As we’ve learned, Expected Goals (xG) is a vital metric in football analytics, helping to quantify the quality of scoring chances.
However, the effectiveness of xG as a tool largely depends on the model used to calculate it. Various xG models have been developed, each with its own methodology and variables.
In this section, we’ll dive into one of the most prominent xG models in the industry: the STATS Perform Opta xG model.
1. The STATS Perform Opta xG Model
The STATS Perform Opta xG model is one of the most widely recognized and used models in football analytics.
It is built using a logistic regression model, a statistical method that estimates the probability of a certain event occurring—in this case, the likelihood of a shot resulting in a goal.
This model is powered by hundreds of thousands of shots from historical OPTA data, making it incredibly robust and comprehensive.
The use of such a large dataset ensures that the model accounts for a wide range of scenarios and conditions, making its predictions reliable and accurate across different leagues and competitions.
2. Key Variables in the Opta xG Model
The STATS Perform Opta model considers several critical variables that affect the likelihood of a goal being scored. These variables include:
Distance to Goal: The closer the shot is to the goal, the higher the probability of scoring. The model accounts for this by assigning higher xG values to shots taken from within the box and lower values to those taken from further away.
Angle of the Shot: The angle at which the shot is taken relative to the goal is another key factor. Shots taken from central positions generally have a higher chance of success compared to those taken from tight angles.
One-on-One Situations: The model gives special consideration to one-on-one situations where a player is directly facing the goalkeeper. These situations typically have a higher probability of resulting in a goal due to the player’s clear scoring opportunity.
Body Part Used: Whether the shot is taken with the foot, head, or another body part can significantly influence the xG value. For example, foot shots usually have a higher success rate than headers, particularly when the ball is struck from a favorable position.
Type of Assist: The nature of the assist leading up to the shot also plays a role. A well-placed through ball or a perfectly timed cross can increase the likelihood of a goal, and the model accounts for these factors.

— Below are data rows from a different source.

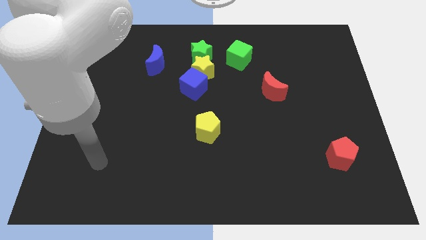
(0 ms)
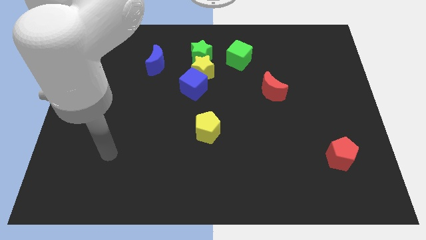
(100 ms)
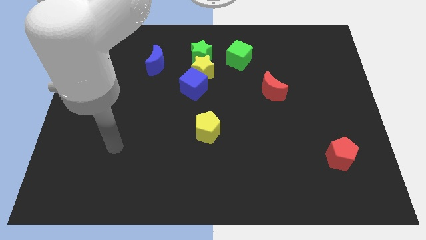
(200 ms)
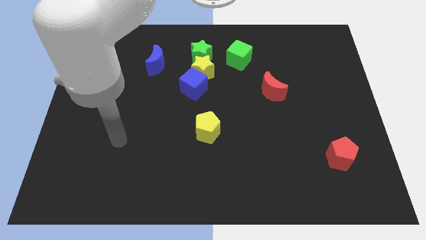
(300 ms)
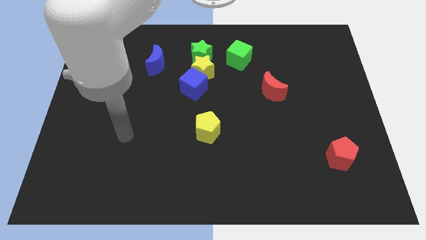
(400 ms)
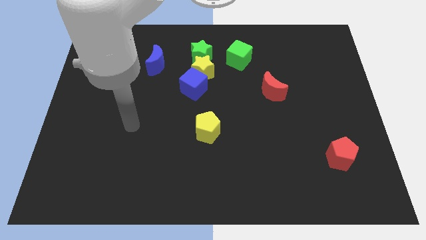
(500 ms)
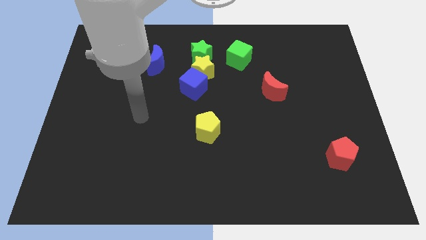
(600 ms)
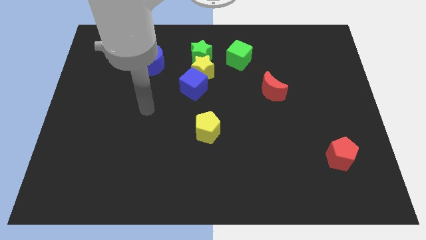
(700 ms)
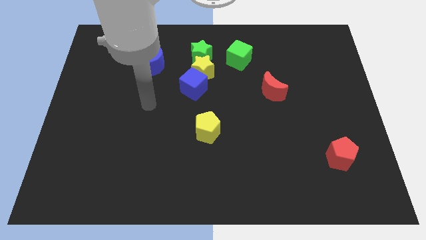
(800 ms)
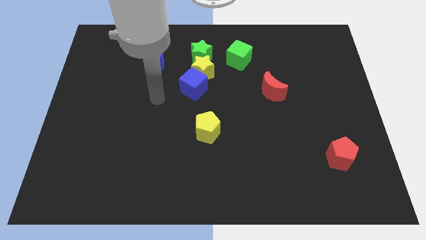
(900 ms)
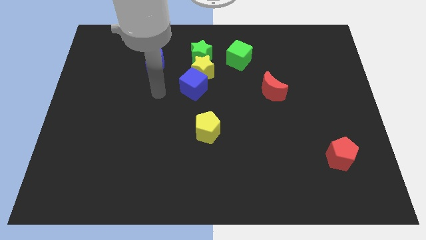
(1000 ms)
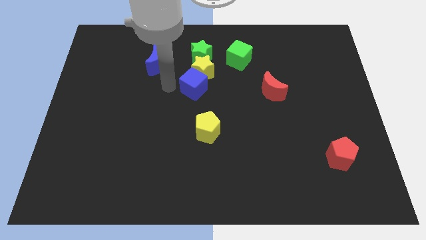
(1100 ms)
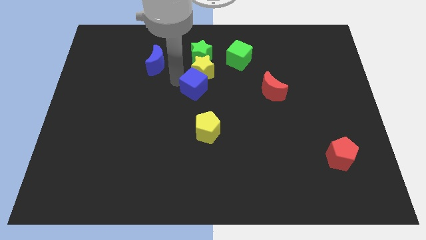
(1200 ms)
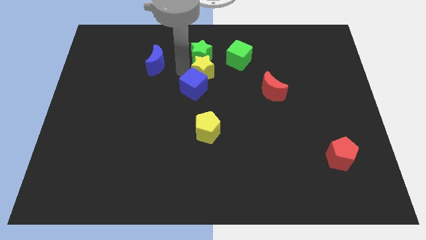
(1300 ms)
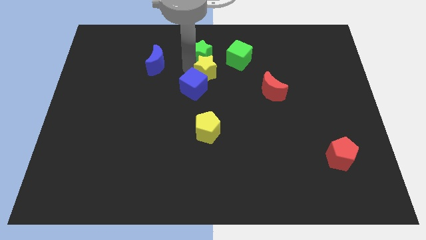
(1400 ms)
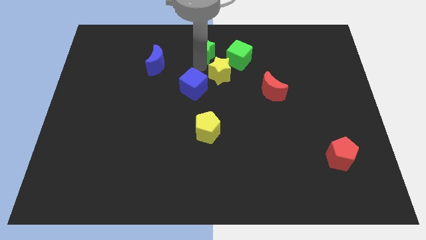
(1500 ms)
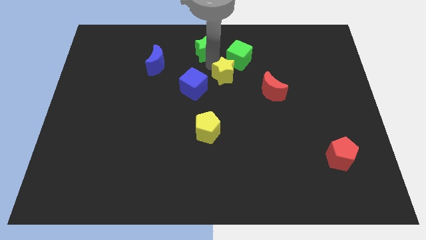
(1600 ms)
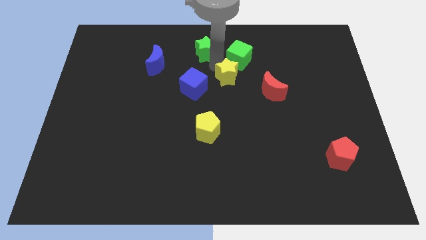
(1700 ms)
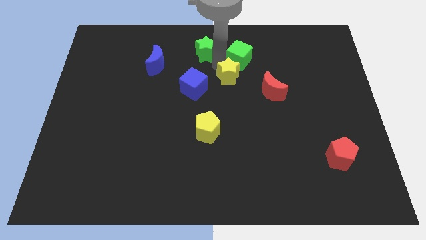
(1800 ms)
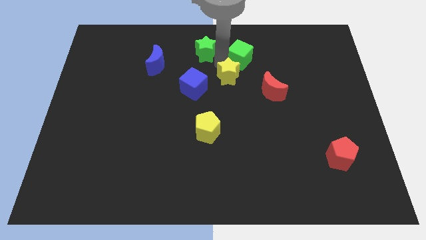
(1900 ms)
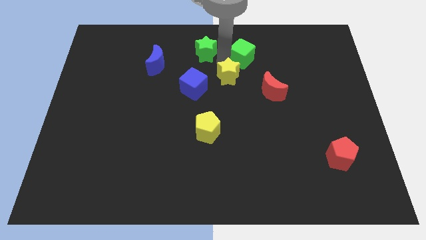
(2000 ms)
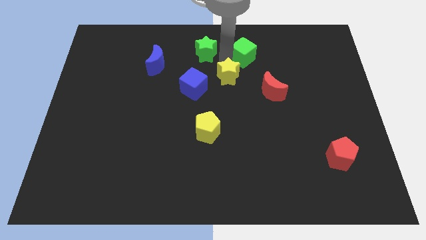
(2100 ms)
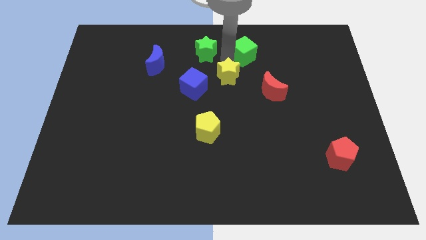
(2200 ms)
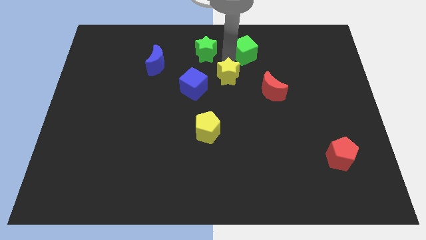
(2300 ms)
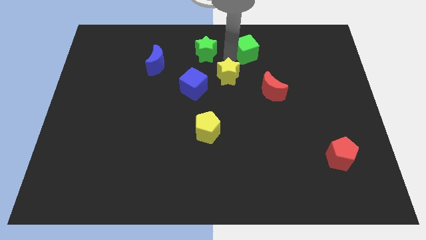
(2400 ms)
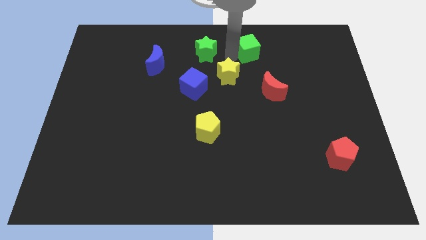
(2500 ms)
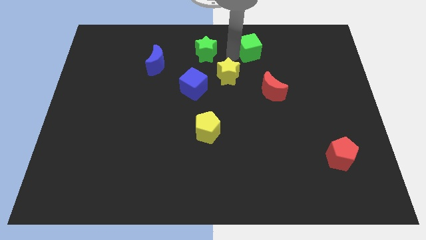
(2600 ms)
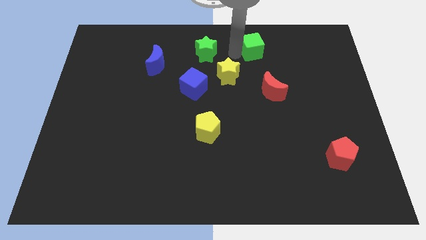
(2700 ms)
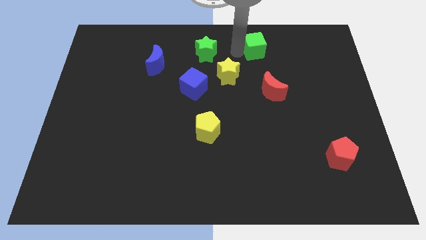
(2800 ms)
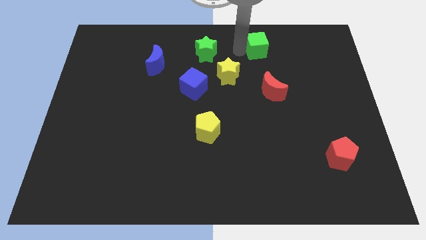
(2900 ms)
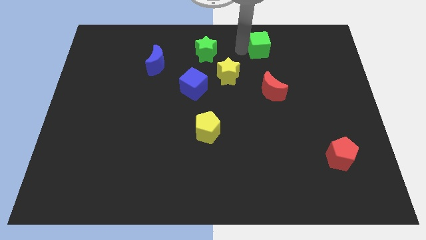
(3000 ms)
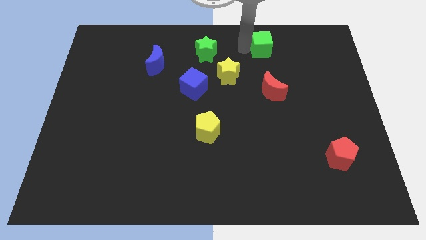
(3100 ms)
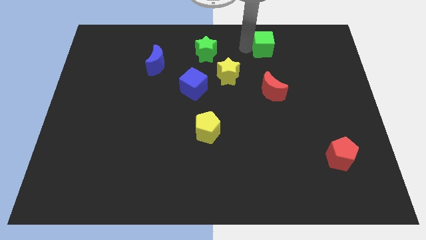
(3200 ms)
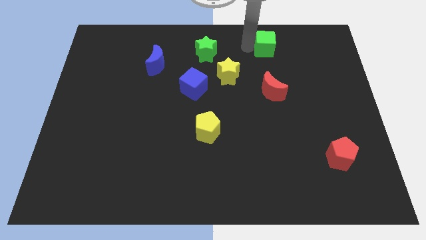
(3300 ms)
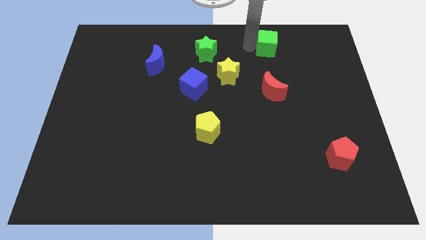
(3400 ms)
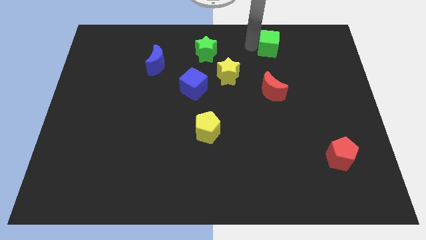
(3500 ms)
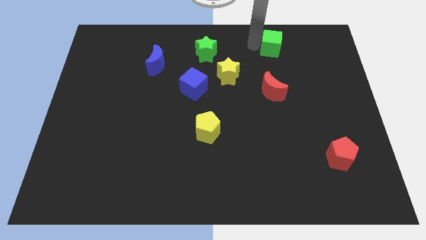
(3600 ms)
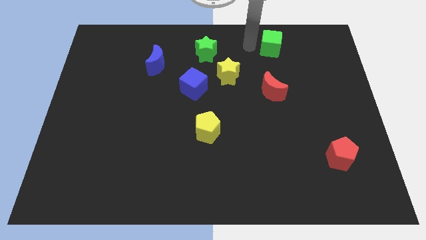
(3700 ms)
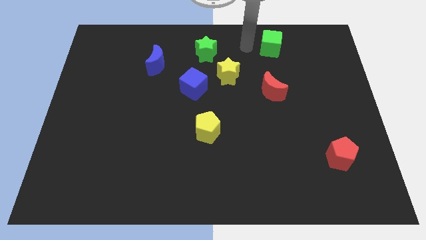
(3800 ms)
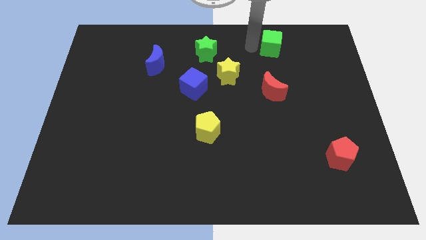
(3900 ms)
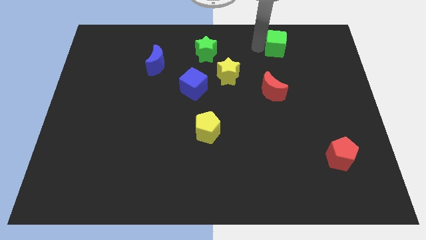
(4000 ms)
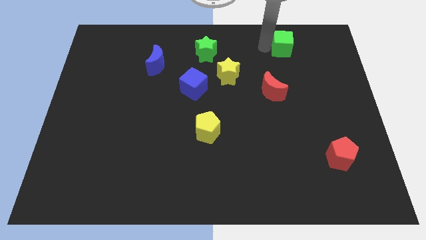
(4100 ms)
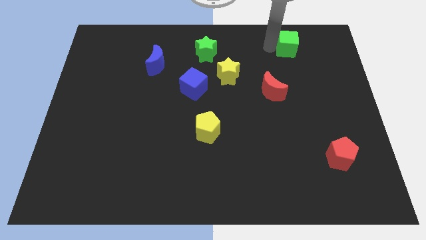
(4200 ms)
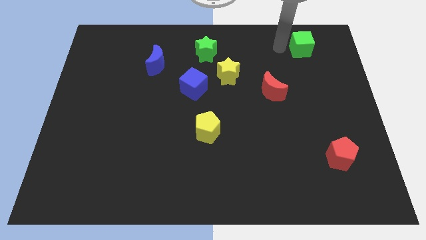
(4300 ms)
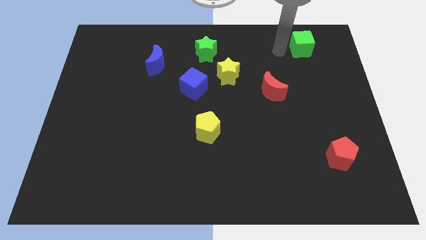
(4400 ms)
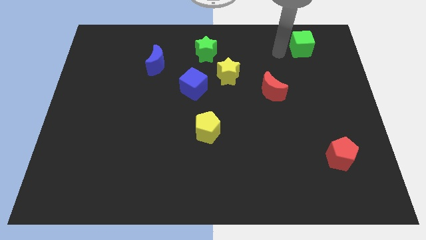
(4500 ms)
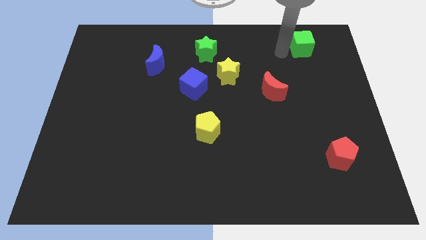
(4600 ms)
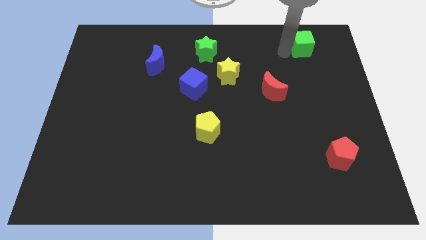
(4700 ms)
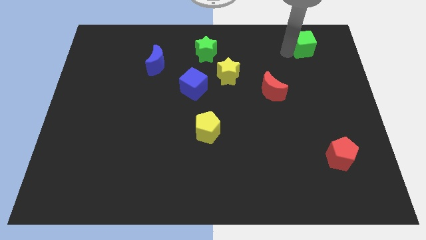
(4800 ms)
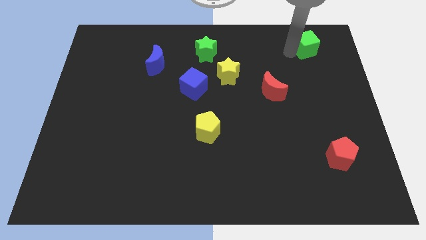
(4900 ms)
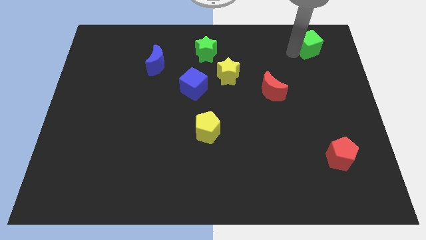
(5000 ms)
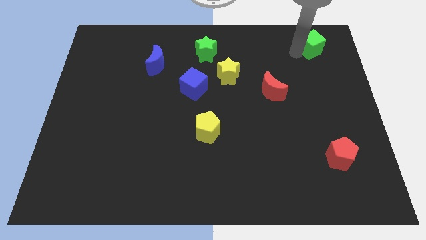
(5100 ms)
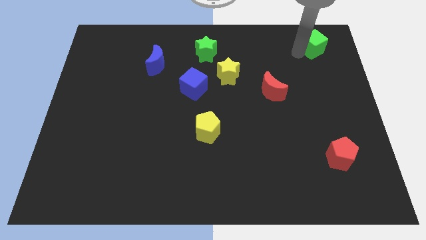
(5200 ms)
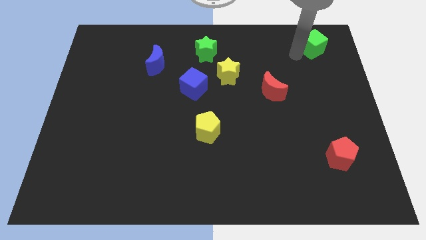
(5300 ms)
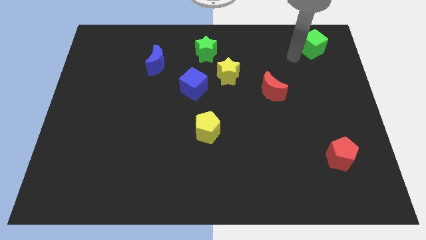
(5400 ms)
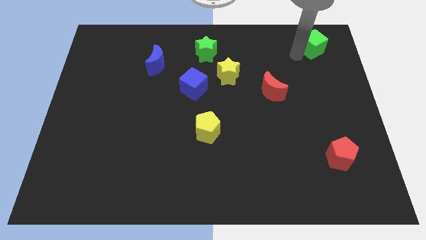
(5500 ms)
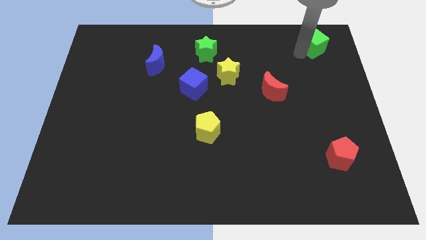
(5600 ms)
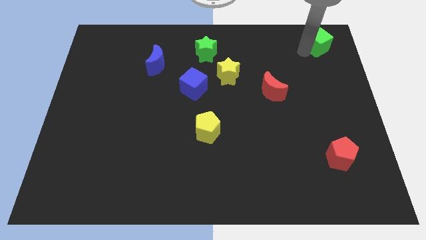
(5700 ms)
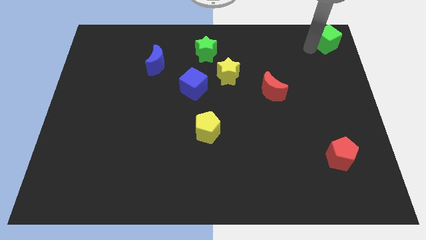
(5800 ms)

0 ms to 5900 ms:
put the green cube to the top right of the board

Pattern of Play: The context in which the shot is taken—whether it’s from open play, a counterattack, or a set piece—also impacts the xG value. Shots from well-structured plays are often more dangerous than those taken in disorganized situations.
3. How the Opta xG Model Works
The logistic regression model used by Opta estimates the probability of a goal by analyzing the aforementioned variables in each shot.

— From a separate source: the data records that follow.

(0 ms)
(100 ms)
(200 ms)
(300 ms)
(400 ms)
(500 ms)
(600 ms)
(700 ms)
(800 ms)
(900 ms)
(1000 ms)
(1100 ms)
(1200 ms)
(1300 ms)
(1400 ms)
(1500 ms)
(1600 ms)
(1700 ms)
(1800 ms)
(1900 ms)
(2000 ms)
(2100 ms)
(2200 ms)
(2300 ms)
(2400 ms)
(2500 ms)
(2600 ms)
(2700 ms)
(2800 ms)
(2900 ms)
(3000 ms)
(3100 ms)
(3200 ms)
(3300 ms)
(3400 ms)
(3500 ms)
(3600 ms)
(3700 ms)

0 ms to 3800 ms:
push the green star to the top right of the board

By feeding the model with a vast amount of historical data, it learns the relationships between these variables and the outcomes (goals or no goals).
The output is an xG value between 0 and 1 for each shot, indicating the probability that a shot will result in a goal. For example, if a shot has an xG value of 0.2, it suggests that similar shots would result in a goal 20% of the time.
4. The Impact and Use of the Opta xG Model
The Opta xG model is widely used by football clubs, analysts, and broadcasters to evaluate player and team performance.
It provides a more nuanced understanding of goal-scoring opportunities, helping teams to assess not just how many goals they scored, but how many they should have scored based on the quality of their chances.
This model is particularly valuable in scouting and recruitment, as it allows clubs to identify players who consistently outperform their xG, indicating a potential high level of skill or finishing ability.
Conversely, it can also identify players who underperform relative to their xG, suggesting areas for improvement or inefficiencies in their play.
Conclusion
The STATS Perform Opta xG model is a powerful tool in the world of football analytics, providing a sophisticated method for evaluating goal-scoring opportunities.
By leveraging a logistic regression model powered by an extensive historical dataset, it accounts for a wide range of variables that influence the likelihood of a goal.
This model not only enhances our understanding of the game but also aids in making more informed decisions in player evaluation, tactical planning, and overall team strategy.